D.14 Termination Upon Breach of Provisions Applicable to PHI. Any other provision of the Agreement notwithstanding, the Agreement and this Addendum may be terminated by either party (the “Non-Breaching Party”) upon 30 days written notice to the other party (the “Breaching Party”) in the event that the Breaching Party materially breaches any provision contained in this Addendum in any material respect and such breach is not cured within such 30-day period.

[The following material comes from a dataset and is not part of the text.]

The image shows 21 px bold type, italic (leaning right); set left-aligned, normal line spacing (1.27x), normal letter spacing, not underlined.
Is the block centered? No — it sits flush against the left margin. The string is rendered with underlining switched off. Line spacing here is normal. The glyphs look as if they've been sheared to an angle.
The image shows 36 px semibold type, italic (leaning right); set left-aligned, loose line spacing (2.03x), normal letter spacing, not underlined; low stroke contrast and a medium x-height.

D.15 Return or Destruction of Health Information. Upon termination of this Addendum, for any reason, Outcomes shall return or destroy all PHI received from Covered Entity or created or received by Outcomes on behalf of Covered Entity and which Outcomes still maintains in any form. This provision shall apply to all such PHI in the possession of Subcontractors or agents of Outcomes. Notwithstanding the forgoing, if Outcomes determines that returning or destroying such PHI is infeasible, then Outcomes shall provide to Covered Entity notification of the conditions that make return or destruction infeasible, which may include without limitation, the need for Outcomes to retain such information for purposes of audits by by the Centers for Medicare and Medicaid Services (CMS). Upon mutual agreement that return or destruction of PHI is infeasible, such agreement not to be unreasonably
CORP TEMPLATE (2017/02)
withheld, Outcomes shall extend the protections of this Addendum to such PHI and limit further uses and disclosures of such PHI to those purposes that make the return or destruction infeasible, for so long Outcomes maintains such PHI.

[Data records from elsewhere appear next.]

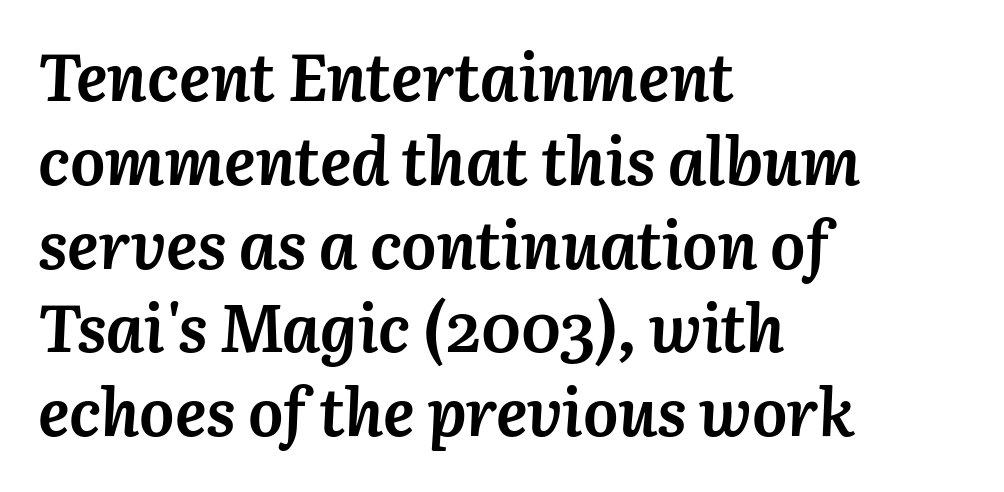
Q: Is the text bold? A: Yes.
Q: Is the text italic (slanted)? A: Yes, it leans right by about 3 degrees.
Q: Is the text underlined? A: No.
Q: How is the paragraph aligned? A: Left-aligned.
Q: Is the spacing between letters normal or unusually wide? A: Normal.
Q: Is the spacing between lines tight, normal or loose? A: Normal.
Q: Width (condensed, normal, or wide)? A: Normal.
Q: Stroke contrast? A: Medium.
Q: x-height? A: Medium.
Q: Monospaced? A: No.

D.16 HIPAA Amendments. The parties acknowledge and agree that the Health Information Technology for Economic and Clinical Health Act and its implementing regulations impose requirements with respect to privacy, security and breach notification applicable to Business Associates (collectively, the “HITECH BA Provisions”). The HITECH BA Provisions and any other future amendments to HIPAA affecting Business Associate agreements are hereby incorporated by reference into this Addendum as if set forth in this Addendum in their entirety, effective on the later of the Effective Date of this Addendum or such subsequent date as may be specified by HIPAA.

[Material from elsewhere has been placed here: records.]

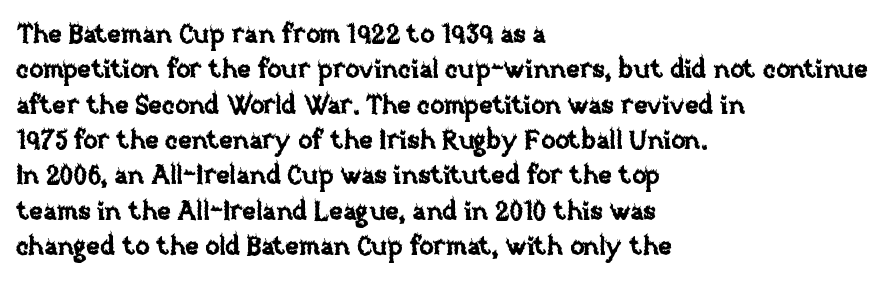
Q: Is the text italic (slanted)? A: No, it is upright.
Q: Is the text underlined? A: No.
Q: How is the paragraph aligned? A: Left-aligned.
Q: Is the spacing between letters normal or unusually wide? A: Normal.
Q: Is the spacing between lines tight, normal or loose? A: Normal.
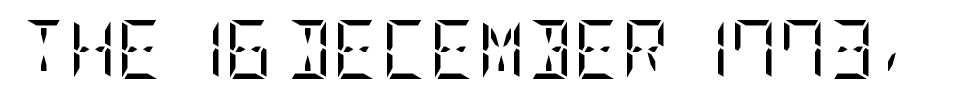
Check where the strokes stop: tiny serifs finish them off. How are the letters spaced? Ordinarily, with no added tracking. On a weight scale, this lands at 450 or below. Italic: no, the glyphs are upright roman. Check the space under the baseline: it is left empty.
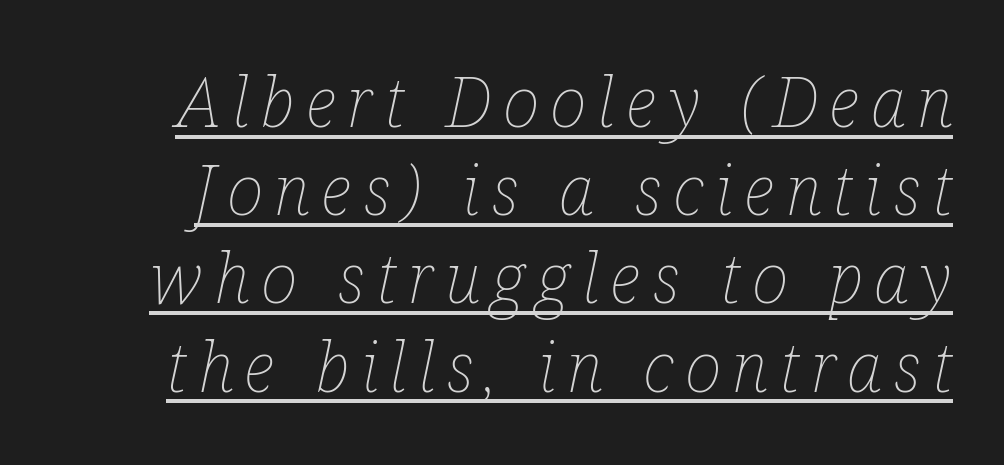
The image shows 70 px thin, condensed type, italic (leaning right); set normal line spacing (1.26x), underlined; low stroke contrast and a medium x-height.

D.17 No Third Party Beneficiaries. The parties have not created and do not intend to create by this Addendum any third party rights, including, but not limited to, third party rights for patients.
D.18 Interpretation. Any ambiguity in this Addendum shall be resolved in favor of a meaning that permits Covered Entity and Outcomes to comply with the HIPAA.
IN WITNESS WHEREOF, the parties hereto have caused this Agreement to be executed by their authorized representatives as of the Effective Date.